A realização de concursos públicos online no Brasil está cada vez mais próxima, mas ainda enfrenta entraves burocráticos. Apesar da aprovação da Lei 14.965, sancionada em setembro de 2024, a nova modalidade depende da publicação de um decreto presidencial para ser regulamentada. A demora tem gerado expectativas no setor, enquanto instituições como a Fundação Cesgranrio já se adiantam para viabilizar a aplicação digital de provas.
Segundo matéria de Gustavo Silva do Jornal Extra, o governo federal conduz estudos por meio de um grupo de trabalho e consultas públicas para definir as diretrizes da regulamentação. Entre os pontos analisados estão critérios de criptografia, autenticação, fiscalização remota com inteligência artificial e adaptações para pessoas com deficiência ou sem acesso adequado à internet. A expectativa é que o decreto seja publicado no último trimestre de 2025, seguido por instruções normativas específicas.
Mesmo antes da regulamentação oficial, a Fundação Cesgranrio já deu um passo à frente ao inaugurar o “Centro de Testes Digitais”. Com 400 computadores, o local é voltado para provas de diferentes níveis e formatos. Segundo o coordenador de Assuntos Institucionais, Gabriel Coelho, a entidade acumula experiência com o Enem Digital, vestibulares e exames de certificação.
“Cada tipo de prova exige uma tecnologia adequada.
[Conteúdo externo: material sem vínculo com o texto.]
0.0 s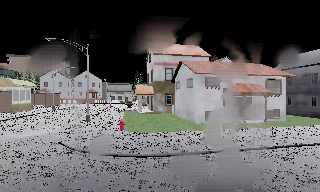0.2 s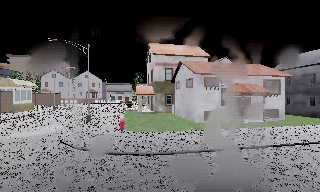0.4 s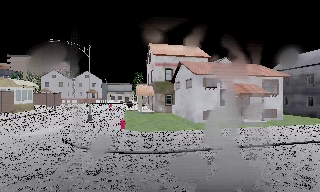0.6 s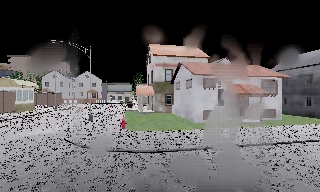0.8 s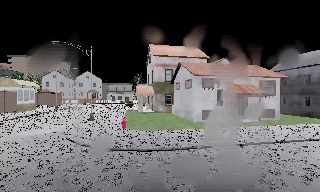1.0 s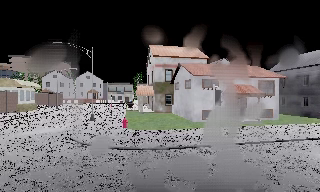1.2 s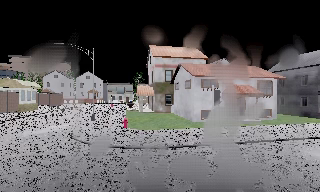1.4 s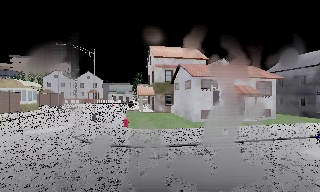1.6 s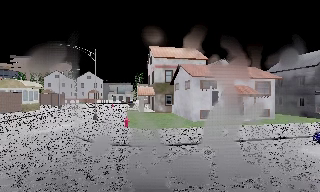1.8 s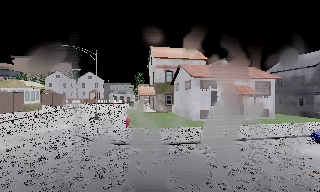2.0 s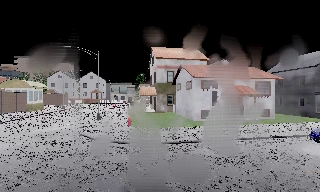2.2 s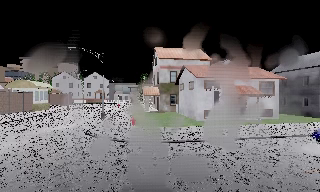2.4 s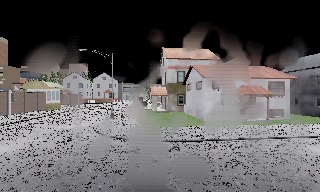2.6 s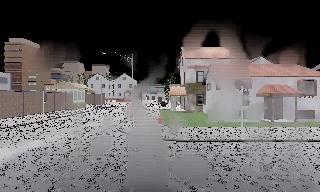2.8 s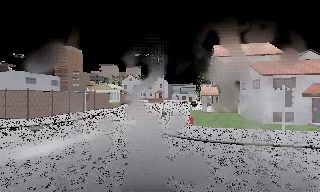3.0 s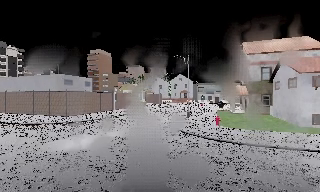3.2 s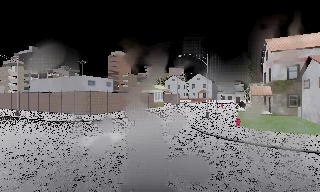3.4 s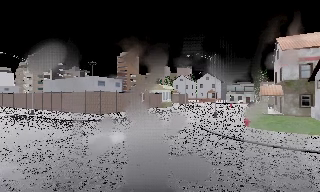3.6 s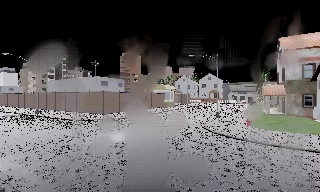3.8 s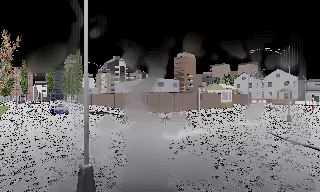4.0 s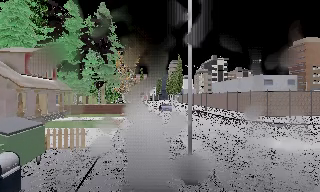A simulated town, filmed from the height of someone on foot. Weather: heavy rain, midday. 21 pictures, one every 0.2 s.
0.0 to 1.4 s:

Em testes de alto risco, como o Enem, o controle é rigoroso, com datas e locais específicos. Já em exames de menor risco, é possível aplicar a avaliação remotamente, desde que haja protocolos de segurança eficientes”, explicou.
O sistema da fundação inclui verificação de identidade e ambiente, uso de microfone e câmera, bloqueio de aplicativos e fiscalização com inteligência artificial. Em caso de comportamento suspeito, como olhar para fora da tela ou movimentações excessivas, fiscais humanos podem ser acionados e até eliminar o candidato.
Especialistas em educação e direito veem os concursos públicos online como uma inovação com alto potencial de democratização. Sérgio Camargo, advogado especializado em Direito Administrativo, aponta que a modalidade pode reduzir custos e ampliar o acesso a candidatos de regiões remotas. “É uma forma de tornar o princípio da igualdade mais concreto no acesso ao serviço público”, afirma.
O professor Fernando Bentes, da UFRRJ, destaca que a digitalização pode permitir maior frequência de concursos, além de beneficiar órgãos públicos com economia de recursos. Ele lembra que o Conselho Nacional de Justiça já autorizou provas online para candidatos com deficiência em concursos do Judiciário, baseando-se na própria Lei 14.965.
Por outro lado, a nova modalidade também levanta preocupações. Douglas Oliveira, professor do Direção Concursos, relata que 69% dos seus alunos ainda preferem o modelo presencial, principalmente por medo de fraudes. “Apesar da comodidade, há receio com relação à lisura e à estabilidade do sistema”, disse.
Renato Borelli, juiz federal e coordenador no Gran Concursos, defende que a adaptação será gradual, mas inevitável. “É uma transformação que exige preparo técnico e psicológico dos candidatos, além de investimentos em segurança digital por parte das bancas”, analisou.
A transição para os concursos públicos online também desafia paradigmas históricos, como observa Marcos Britto, diretor do Degrau Cultural Britto. “A leitura em tela é mais cansativa, e o ambiente virtual traz desafios únicos. Mas já vimos experiências remotas durante a pandemia e em fases de concursos estatais, o que mostra que o modelo pode funcionar”.
Procurados, o Ministério da Educação e o Inep não informaram se pretendem adotar o modelo online em concursos futuros. O Ministério da Gestão indicou que só se manifestará após a regulamentação da lei.
Enquanto isso, a expectativa cresce entre candidatos e instituições que veem na digitalização das provas uma evolução inevitável — e, ao que tudo indica, cada vez mais próxima de se concretizar.